News  

Sungai di Brumbung Berubah Bak “Kolam Susu”, Limbah Usaha Barang Bekas Dikeluhkan Warga

TUTURPEDIA - Sungai di Brumbung Berubah Bak “Kolam Susu”, Limbah Usaha Barang Bekas Dikeluhkan Warga
banner 120x600

Blora, Tuturpedia.com – Aktivitas usaha pemanfaatan barang bekas di Desa Brumbung, Kecamatan Jepon, Kabupaten Blora, menuai protes warga. Limbah cair yang diduga dibuang ke aliran sungai membuat air berubah warna putih keruh menyerupai “kolam susu” dan menimbulkan bau menyengat.

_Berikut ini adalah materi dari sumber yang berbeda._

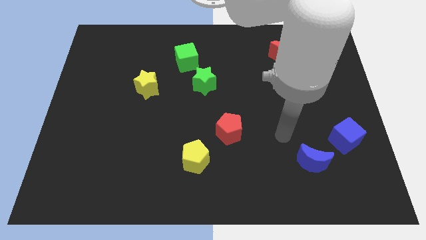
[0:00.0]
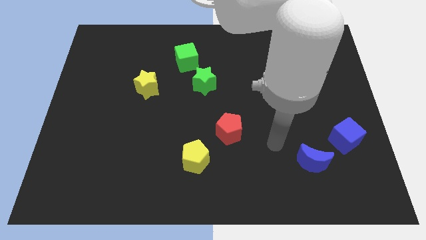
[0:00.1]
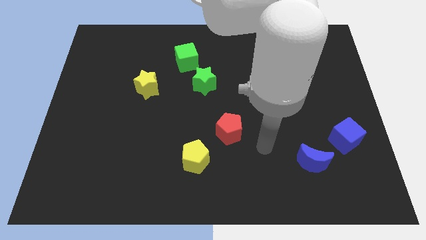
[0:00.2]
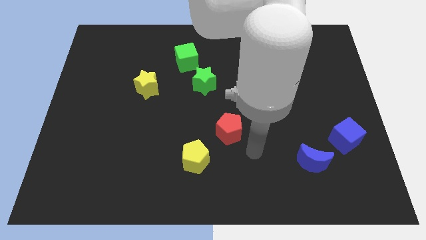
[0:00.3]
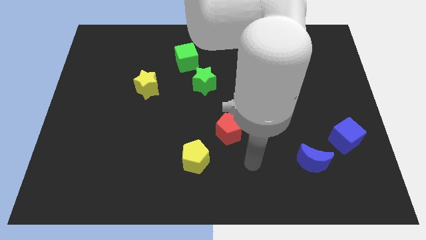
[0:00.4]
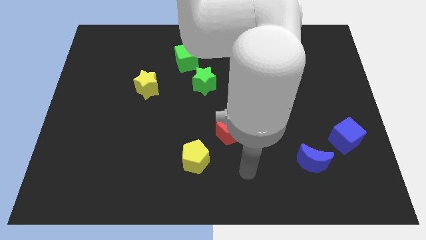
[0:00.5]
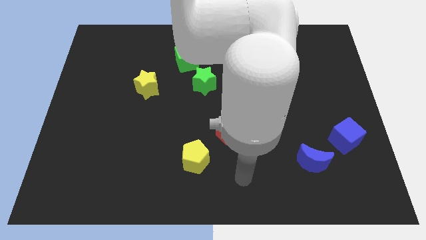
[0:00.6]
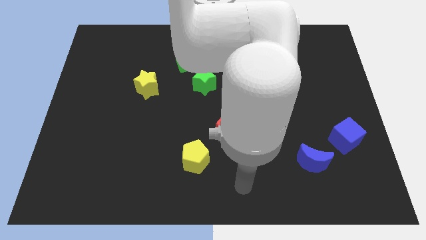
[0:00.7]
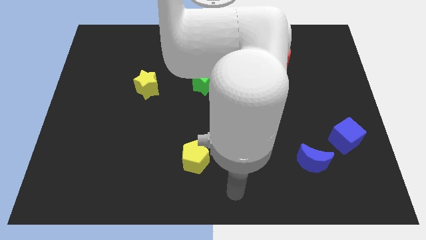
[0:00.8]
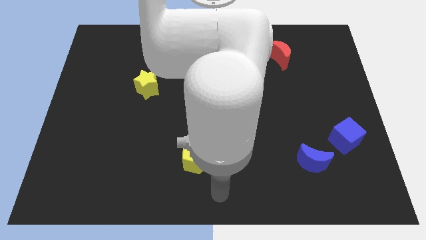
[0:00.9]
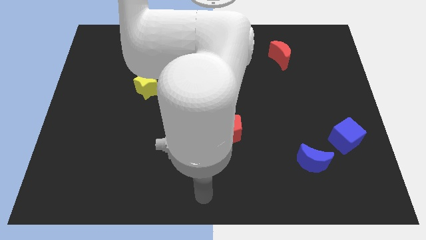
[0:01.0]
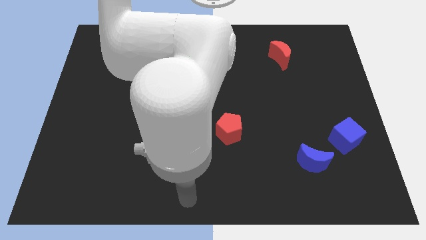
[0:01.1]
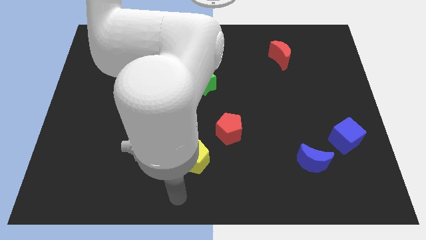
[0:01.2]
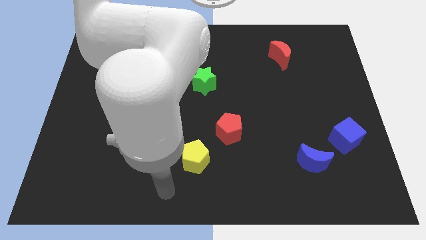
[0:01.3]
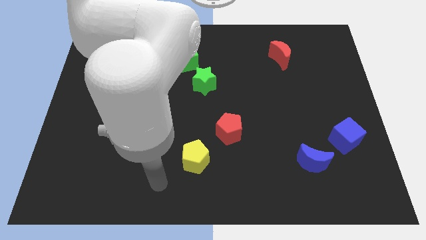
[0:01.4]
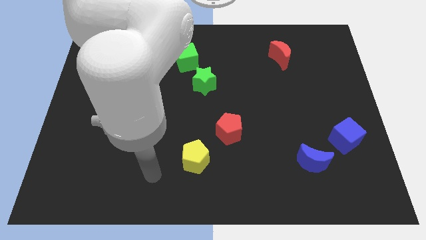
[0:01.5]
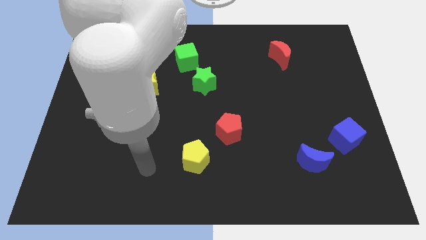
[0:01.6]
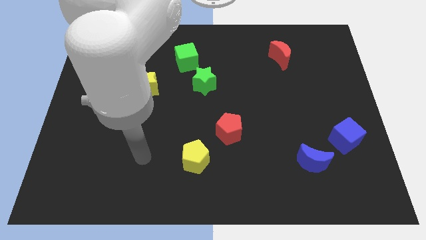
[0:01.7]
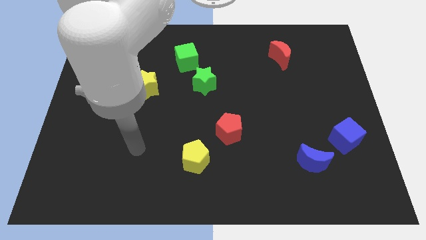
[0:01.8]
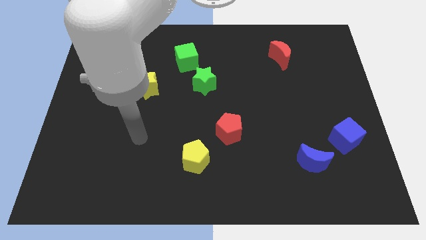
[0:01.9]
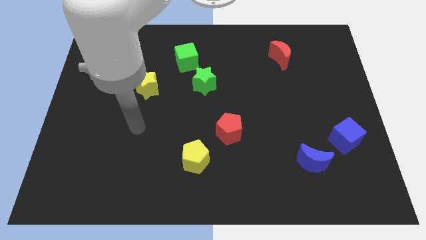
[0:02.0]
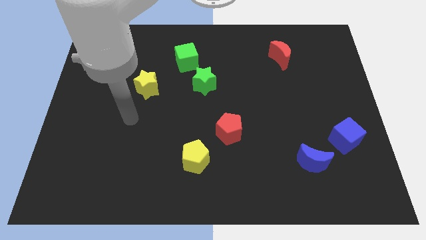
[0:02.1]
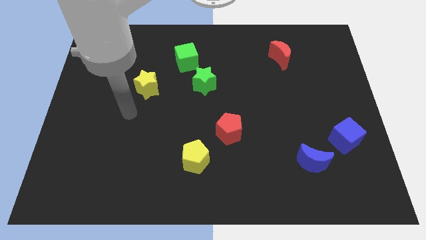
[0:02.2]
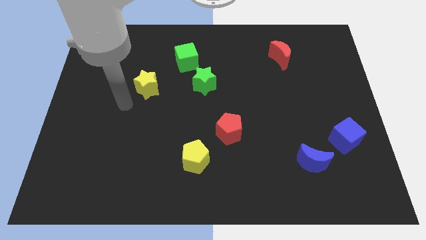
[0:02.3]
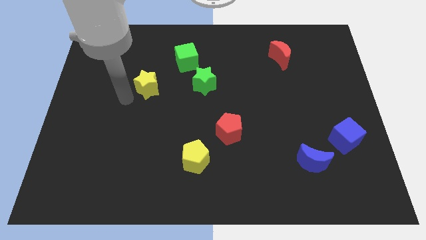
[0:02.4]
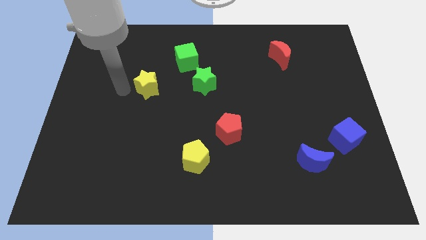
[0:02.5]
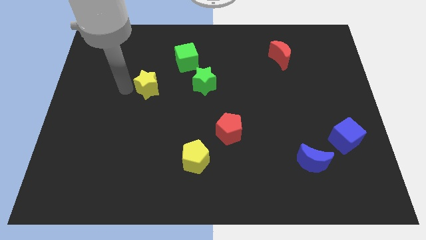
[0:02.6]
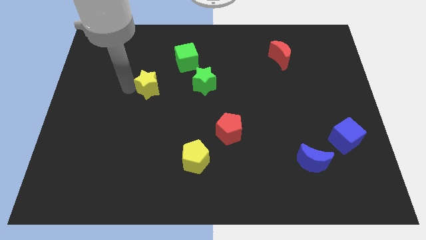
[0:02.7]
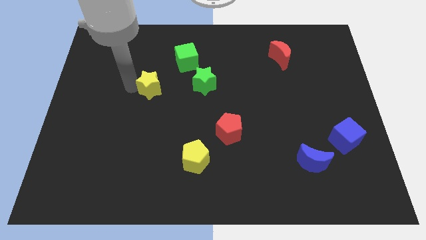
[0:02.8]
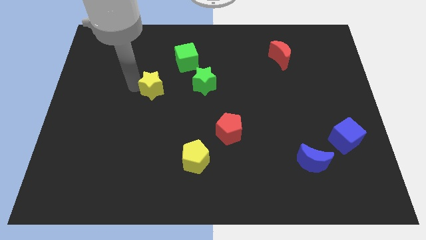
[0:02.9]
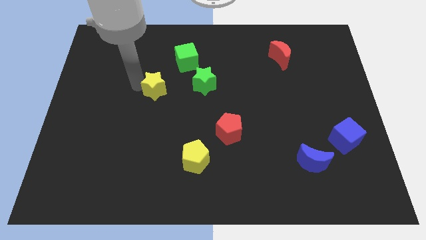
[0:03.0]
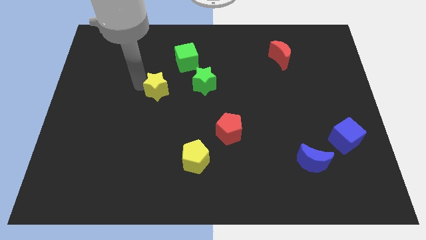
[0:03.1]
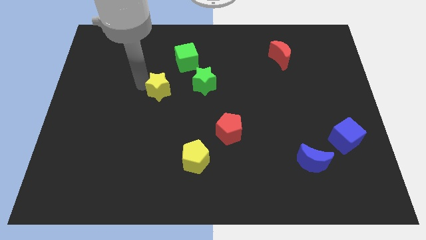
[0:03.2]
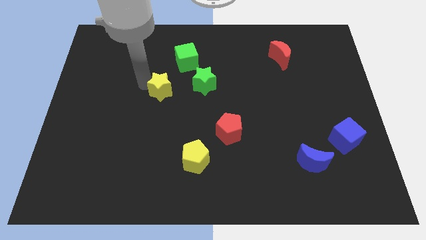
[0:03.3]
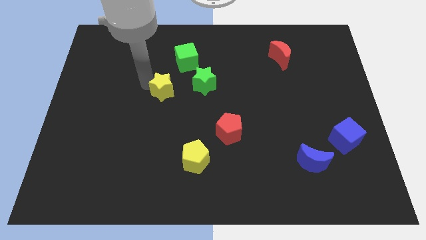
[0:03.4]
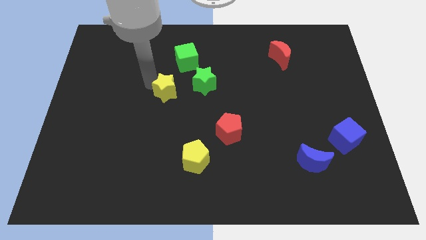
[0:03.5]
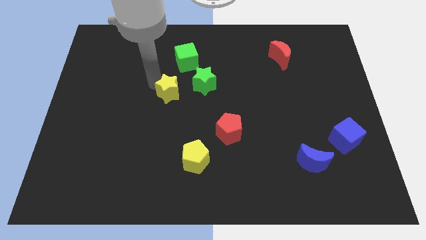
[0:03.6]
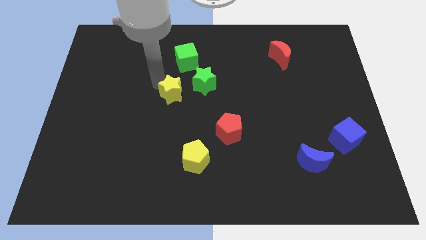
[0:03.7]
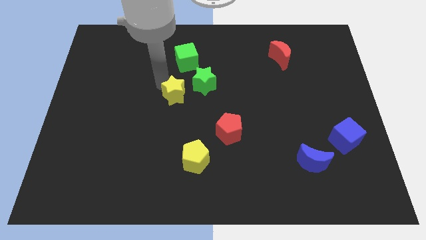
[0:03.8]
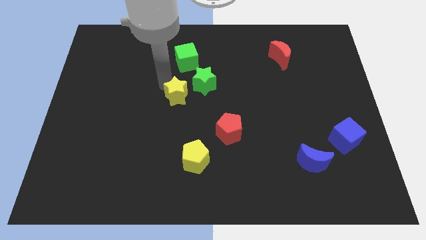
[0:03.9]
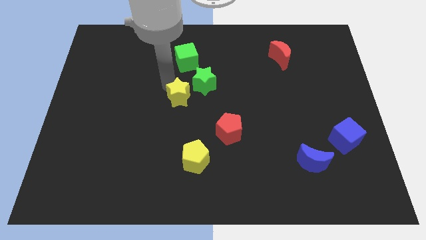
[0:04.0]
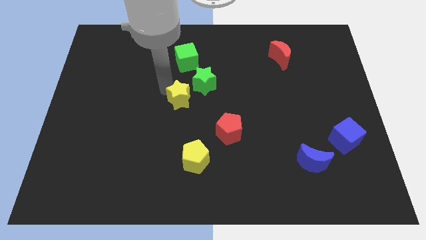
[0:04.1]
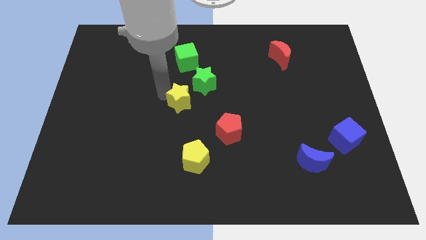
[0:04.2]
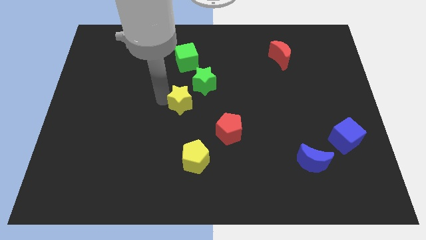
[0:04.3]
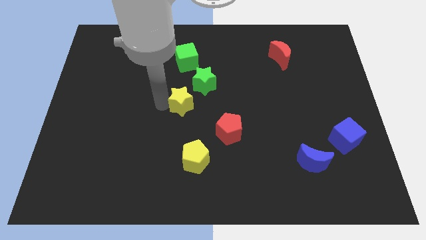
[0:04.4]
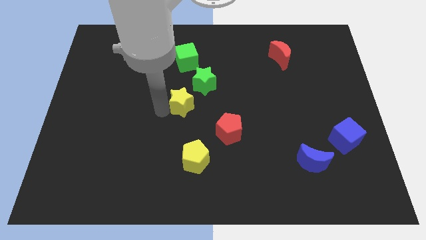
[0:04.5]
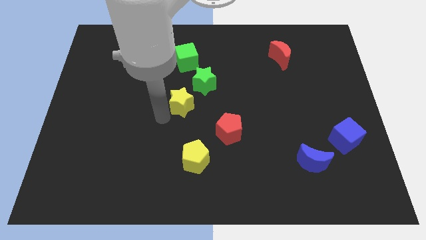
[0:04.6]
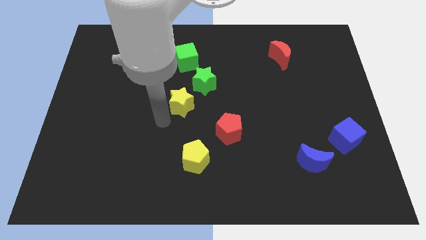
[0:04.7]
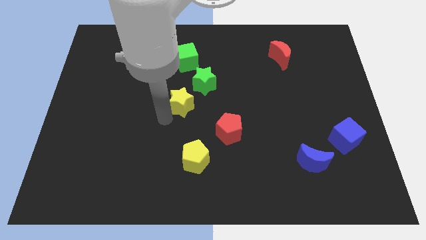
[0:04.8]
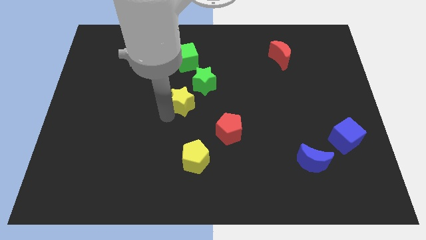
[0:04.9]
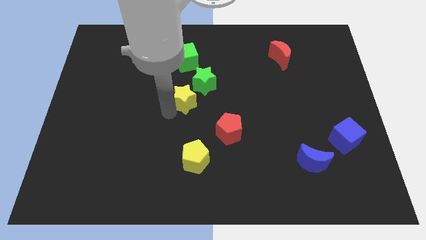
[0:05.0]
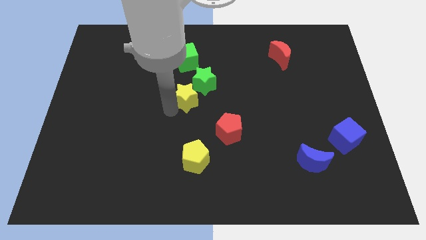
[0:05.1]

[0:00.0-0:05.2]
slide the yellow star towards the green star

Warga khawatir pencemaran tersebut berdampak pada kesehatan lingkungan dan lahan pertanian di sekitar desa.

Menanggapi keluhan masyarakat, Kepala Dusun Desa Brumbung, Selamat Ariyanto, mengaku telah mendatangi lokasi usaha milik NG, warga Desa Sumurboto, dan memberikan peringatan keras agar tidak lagi membuang limbah ke sungai.

“Saya sudah ke sana dan sudah kita buat kesepakatan agar tidak buang limbah ke sungai,” ujar Ariyanto, Rabu (6/5/2026).

Ia menegaskan, jika pelaku usaha kembali mengulangi perbuatannya, pihak desa tidak segan mengambil langkah tegas hingga penutupan usaha.

“Intinya, kalau diulangi lagi saya akan tutup. Kami juga sudah lapor ke Dinas Lingkungan Hidup dan akan ditindaklanjuti besok Kamis,” tegasnya.

Menurut Ariyanto, usaha tersebut bergerak di bidang pemanfaatan barang bekas seperti drum, karung, dan ember cat bekas yang dibersihkan untuk dijual kembali. Namun dalam proses pencucian, limbah diduga langsung dialirkan ke sungai tanpa pengolahan terlebih dahulu. Akibatnya, air sungai menjadi keruh dan menimbulkan aroma tidak sedap yang mengganggu warga sekitar.

“Usaha itu sudah berjalan lebih dari lima tahun. Sepengetahuan saya, pemerintah desa juga tidak mengetahui izin usaha tersebut,” jelasnya.

Keluhan juga datang dari warga setempat. Musa, salah satu warga Desa Brumbung, mengaku resah karena sungai yang tercemar masih dimanfaatkan sebagian petani untuk mengairi sawah.

“Petani terkadang masih mengairi ladang menggunakan air sungai. Kalau ini diteruskan, takutnya berdampak pada tanaman kami,” katanya.

Warga berharap Dinas Lingkungan Hidup segera turun tangan melakukan pemeriksaan dan mengambil tindakan tegas agar pencemaran tidak terus berlanjut dan merusak lingkungan desa.